It was just a few weeks ago that the Supreme Court made the decision to overturn Roe v. Wade, which immediately prompted a public outcry. My social media feeds were flooded almost entirely with words of outrage: declarations that the government should stay out of women’s uteruses, that women’s bodies are more regulated than guns in this country, and that women deserve the right to choose what they do with their bodies were just some of the sentiments I saw across my feeds. The overwhelming sense of fear and anger inside of me was calmed slightly by this near universal support from friends and family, but simultaneously a feeling of exclusion began to grow upon reading these words. Because the overturning of Roe v. Wade affects me, but these sentiments left me out of the conversation entirely.
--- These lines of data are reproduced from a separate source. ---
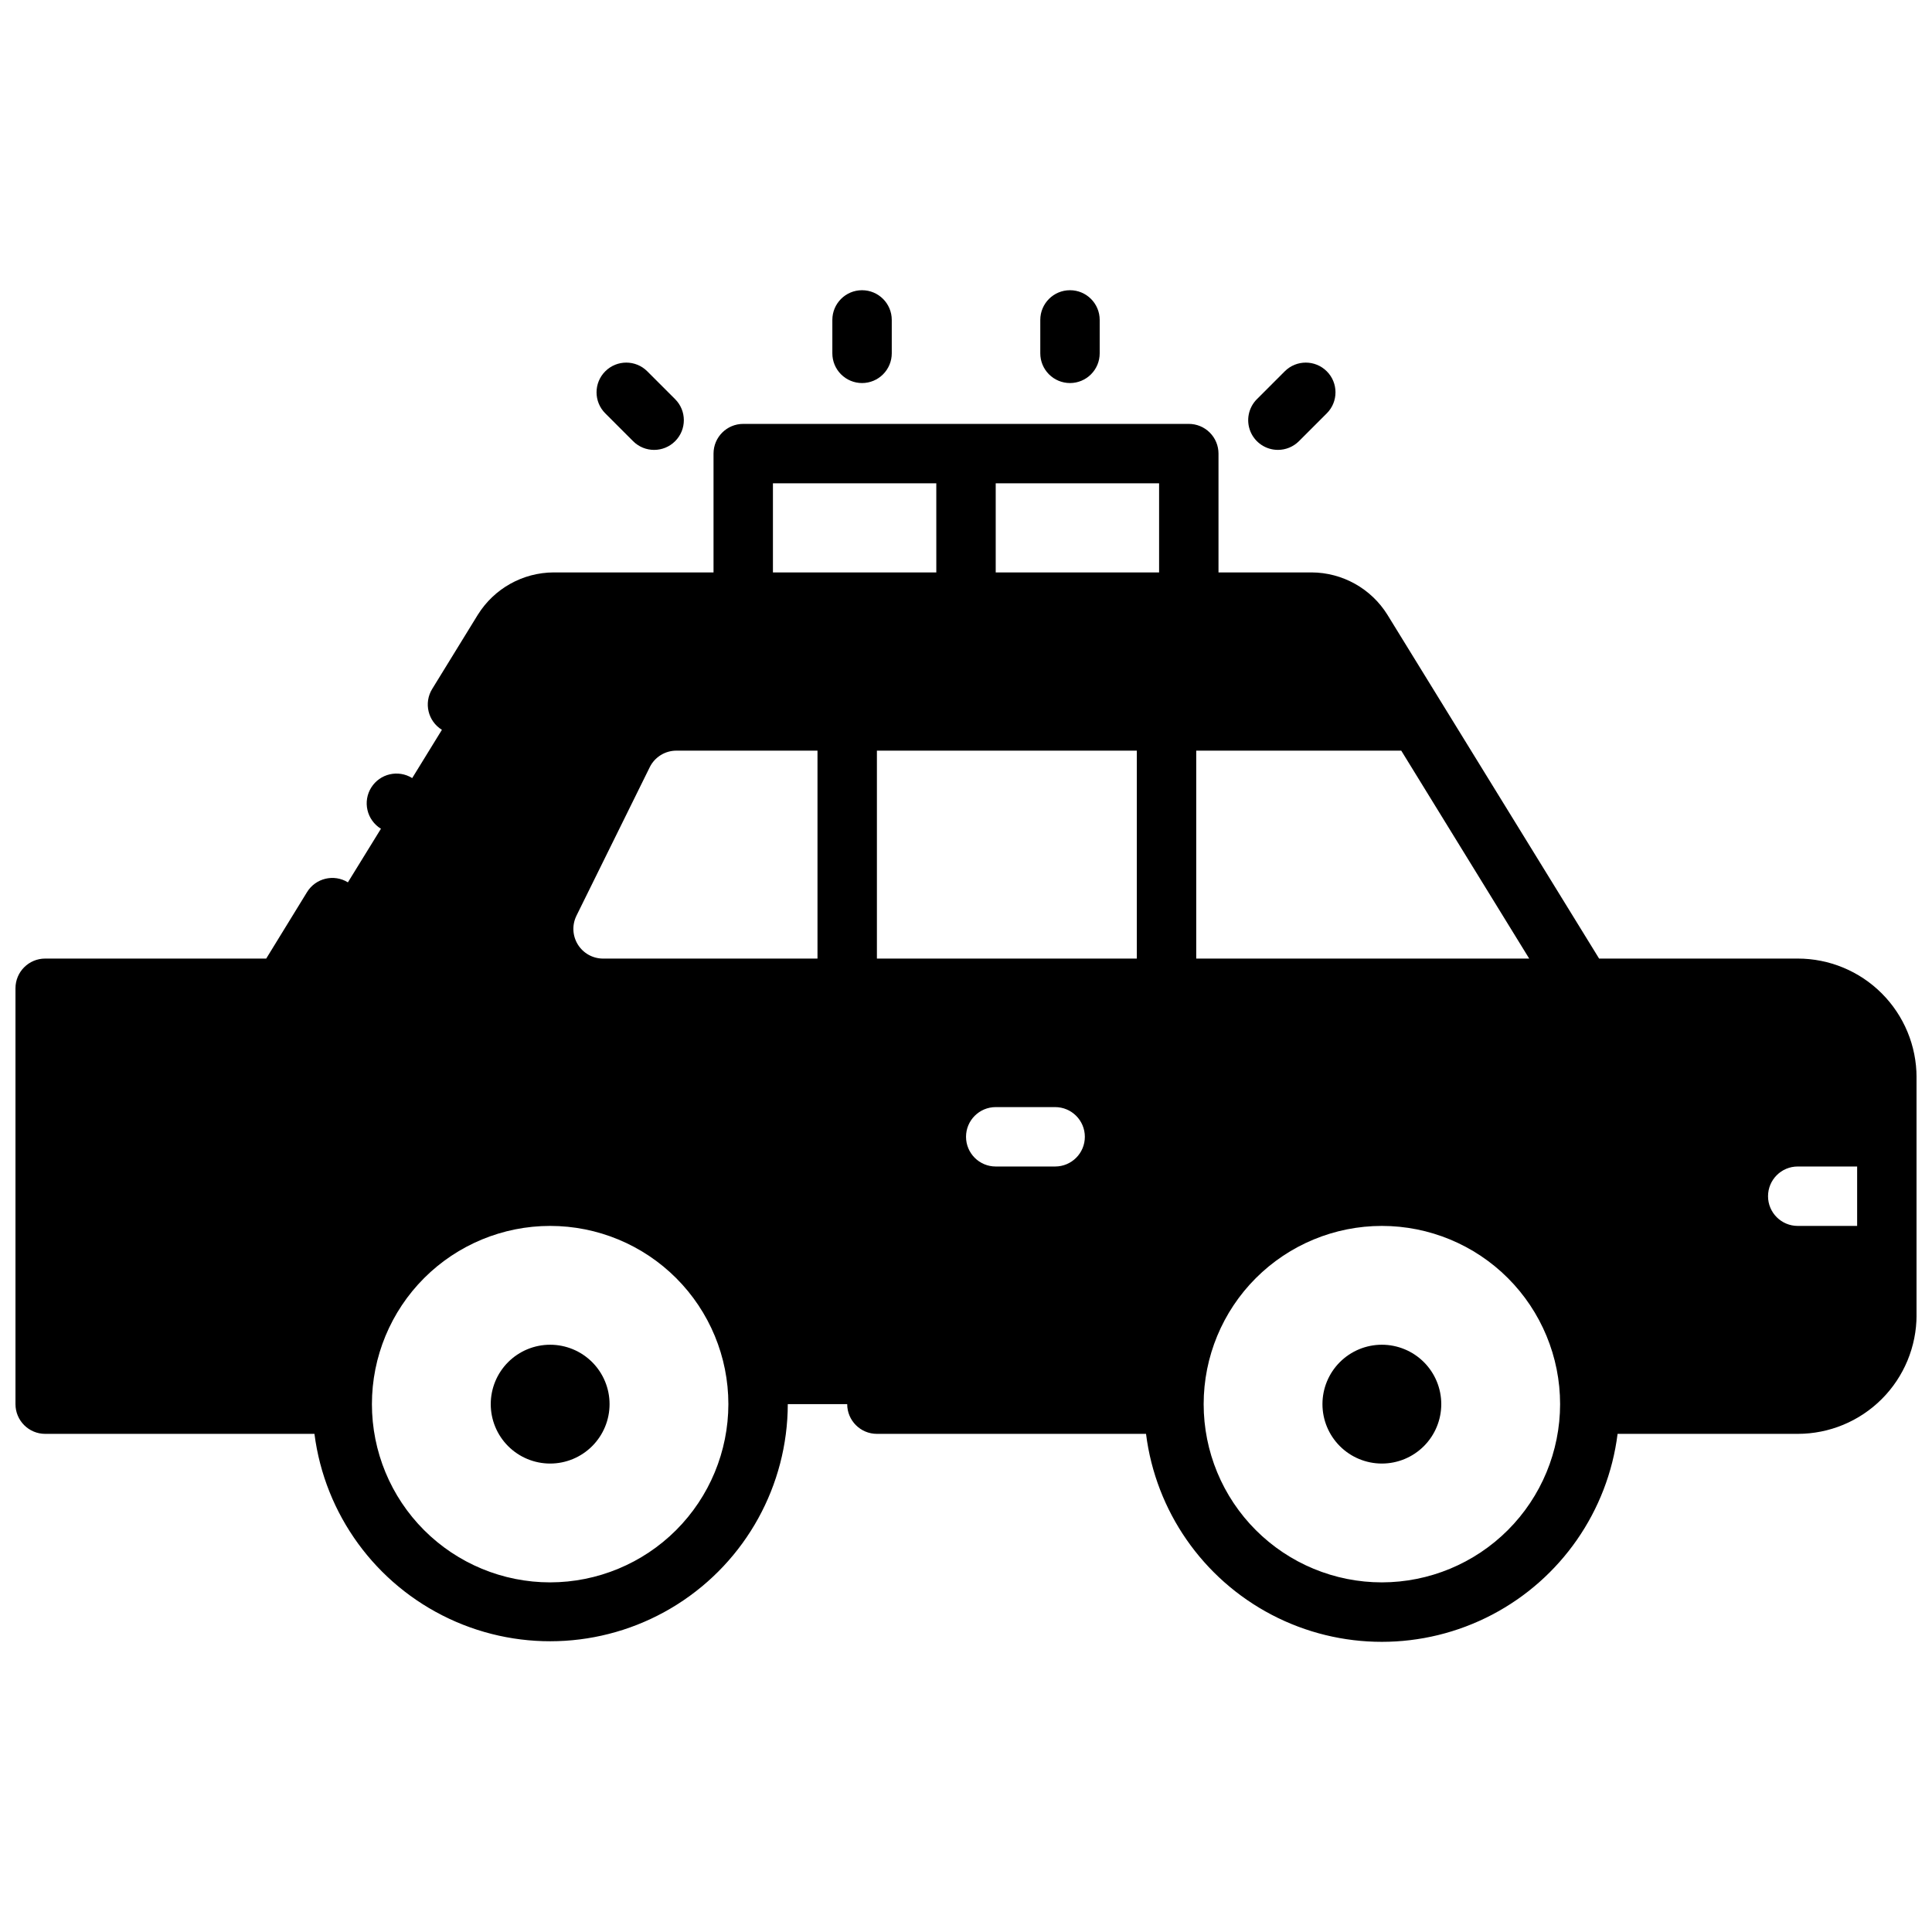 <?xml version="1.0" encoding="UTF-8"?>
<!-- Uploaded to: SVG Repo, www.svgrepo.com, Generator: SVG Repo Mixer Tools -->
<svg width="800px" height="800px" version="1.1" viewBox="144 144 512 512" xmlns="http://www.w3.org/2000/svg">
 <defs>
  <clipPath id="a">
   <path d="m148.09 220h503.81v360h-503.81z"/>
  </clipPath>
 </defs>
 <g clip-path="url(#a)">
  <path d="m305.54 516.11c0 4.176-1.66 8.18-4.613 11.133-2.953 2.953-6.957 4.613-11.133 4.613-4.176 0-8.18-1.66-11.133-4.613-2.953-2.953-4.609-6.957-4.609-11.133s1.656-8.18 4.609-11.133c2.953-2.949 6.957-4.609 11.133-4.609 4.176 0 8.18 1.66 11.133 4.609 2.953 2.953 4.613 6.957 4.613 11.133zm204.67-15.742c-4.176 0-8.18 1.66-11.133 4.609-2.953 2.953-4.613 6.957-4.613 11.133s1.66 8.18 4.613 11.133c2.953 2.953 6.957 4.613 11.133 4.613s8.18-1.66 11.133-4.613c2.953-2.953 4.609-6.957 4.609-11.133s-1.656-8.18-4.609-11.133c-2.953-2.949-6.957-4.609-11.133-4.609zm-198.43-239.45c3.074 3.078 8.062 3.078 11.137 0 3.078-3.074 3.078-8.062 0-11.137l-7.379-7.379c-3.074-3.078-8.062-3.078-11.137 0-3.078 3.074-3.078 8.062 0 11.137zm60.672-15.406c2.09 0 4.09-0.832 5.566-2.309 1.477-1.477 2.309-3.477 2.309-5.566v-8.855c0-4.348-3.527-7.871-7.875-7.871-4.348 0-7.871 3.523-7.871 7.871v8.855c0 2.09 0.828 4.09 2.305 5.566 1.477 1.477 3.481 2.309 5.566 2.309zm110.21 17.711h0.004c2.086 0 4.09-0.828 5.566-2.305l7.379-7.379h0.004c3.074-3.074 3.074-8.062 0-11.137-3.078-3.078-8.062-3.078-11.141 0l-7.379 7.379c-2.254 2.25-2.93 5.641-1.711 8.582 1.219 2.941 4.094 4.859 7.281 4.859zm-55.102-17.711c2.086 0 4.09-0.832 5.566-2.309 1.477-1.477 2.305-3.477 2.305-5.566v-8.855c0-4.348-3.523-7.871-7.871-7.871-4.348 0-7.871 3.523-7.871 7.871v8.855c0 2.09 0.828 4.09 2.305 5.566s3.477 2.309 5.566 2.309zm224.35 184.01v62.977c0 8.352-3.316 16.359-9.223 22.266-5.902 5.902-13.914 9.223-22.266 9.223h-47.742c-2.574 20.469-15.016 38.383-33.297 47.945-18.285 9.562-40.094 9.562-58.375 0-18.285-9.562-30.723-27.477-33.297-47.945h-71.32c-4.348 0-7.871-3.527-7.871-7.875h-15.746c-0.047 21.531-11.09 41.543-29.277 53.062-18.184 11.523-40.996 12.953-60.48 3.797-19.488-9.156-32.945-27.633-35.684-48.984h-71.359c-4.348 0-7.871-3.527-7.871-7.875v-110.21c0-4.348 3.523-7.871 7.871-7.871h58.578l10.824-17.625c2.277-3.699 7.125-4.852 10.824-2.578l8.777-14.238h-0.078c-1.777-1.105-3.039-2.871-3.512-4.91-0.477-2.039-0.121-4.184 0.988-5.957 2.305-3.699 7.168-4.828 10.867-2.523l7.871-12.793c-3.699-2.277-4.852-7.121-2.578-10.824l12.102-19.68h0.004c4.324-6.938 11.906-11.172 20.082-11.207h42.371v-31.488c0-4.348 3.523-7.871 7.871-7.871h118.08c2.086 0 4.09 0.828 5.566 2.305 1.477 1.477 2.305 3.477 2.305 5.566v31.488h24.66c8.191 0.031 15.789 4.277 20.113 11.234l56.09 91.098 52.641 0.004c8.352 0 16.363 3.316 22.266 9.223 5.906 5.906 9.223 13.914 9.223 22.266zm-206.64-31.488v-55.105h-68.879v55.105zm-84.625 0v-55.105h-37.391c-3 0-5.738 1.699-7.066 4.391l-19.426 39.359h0.004c-1.203 2.434-1.066 5.312 0.363 7.621 1.426 2.309 3.938 3.719 6.652 3.734zm62.977 39.359h-15.742c-4.348 0-7.871 3.523-7.871 7.871 0 4.348 3.523 7.871 7.871 7.871h15.742c4.348 0 7.875-3.523 7.875-7.871 0-4.348-3.527-7.871-7.875-7.871zm212.54 15.742h-15.742c-4.348 0-7.871 3.527-7.871 7.875 0 4.348 3.523 7.871 7.871 7.871h15.742zm-86.906-55.105-33.91-55.105-54.332 0.004v55.105zm-141.38-102.33h43.297v-23.617h-43.297zm-59.039 0h43.297l-0.004-23.617h-43.293zm-11.809 220.41c0-12.523-4.977-24.539-13.836-33.398-8.855-8.855-20.871-13.832-33.398-13.832-12.527 0-24.539 4.977-33.398 13.832-8.855 8.859-13.832 20.875-13.832 33.398 0 12.527 4.977 24.543 13.832 33.398 8.859 8.859 20.871 13.836 33.398 13.836 12.523-0.016 24.531-4.996 33.387-13.848 8.852-8.855 13.832-20.863 13.848-33.387zm220.42 0h-0.004c0-12.523-4.977-24.539-13.832-33.398-8.859-8.855-20.871-13.832-33.398-13.832-12.527 0-24.539 4.977-33.398 13.832-8.859 8.859-13.832 20.875-13.832 33.398 0 12.527 4.973 24.543 13.832 33.398 8.859 8.859 20.871 13.836 33.398 13.836 12.523-0.016 24.527-4.996 33.383-13.848 8.855-8.855 13.836-20.863 13.848-33.387z"/>
 </g>
</svg>

It wasn’t intentional, of course. I don’t believe I have any TERFs (Trans-Exclusionary Radical Feminists) on any of my friends lists. But still, their (as well as just about everyone else speaking up right now) use of gendered language excluded myself and the entire trans and nonbinary communities. Because gender is not equal to sex or anatomy; because trans men are men and nonbinary people are nonbinary and both may be capable of giving birth; because the presence of a uterus does not make a person a woman. So by using gendered language in this discussion, the trans and nonbinary communities are being excluded from the conversation, ignored in a situation that directly affects us. When discussing your outrage about the overturning of Roe v. Wade, talk about how it impacts pregnant people or people with uteruses, rather than making it an issue that solely affects women.
Because there are some people who will always be able to have access to safe abortions, and there are some people who won’t. Cisgendered, middle-class white women will have more ease in receiving an abortion than women of color or trans/nonbinary birthing people. She will be able to afford to take time off work to travel out of state and receive a safe abortion. It won’t be easy, by all means, but it would still be possible. Yet this is not the case for so many others. It’s no secret that trans people face several barriers in regards to healthcare, from blatant medical discrimination to being more likely to live below the poverty line - which affects access to transportation, health insurance, and job stability (barriers that are further exacerbated for trans people of color).Reproductive healthcare and trans healthcare are closely related; people claim to be anti-abortion for the same reason they deny trans youth gender-affirming and lifesaving healthcare - to “save the children.” The topic of abortion - the right to an abortion - is not a gendered one, and to make it so would be to further ostracize and stigmatize an already marginalized group of people. It’s an issue of bodily autonomy, something with which the trans and nonbinary communities are quite familiar. Don’t exclude us from the conversations, the protests, the debates. Go go out and vote, protest, donate money to local abortion funds, and support everyone impacted by this decision, not just cis women.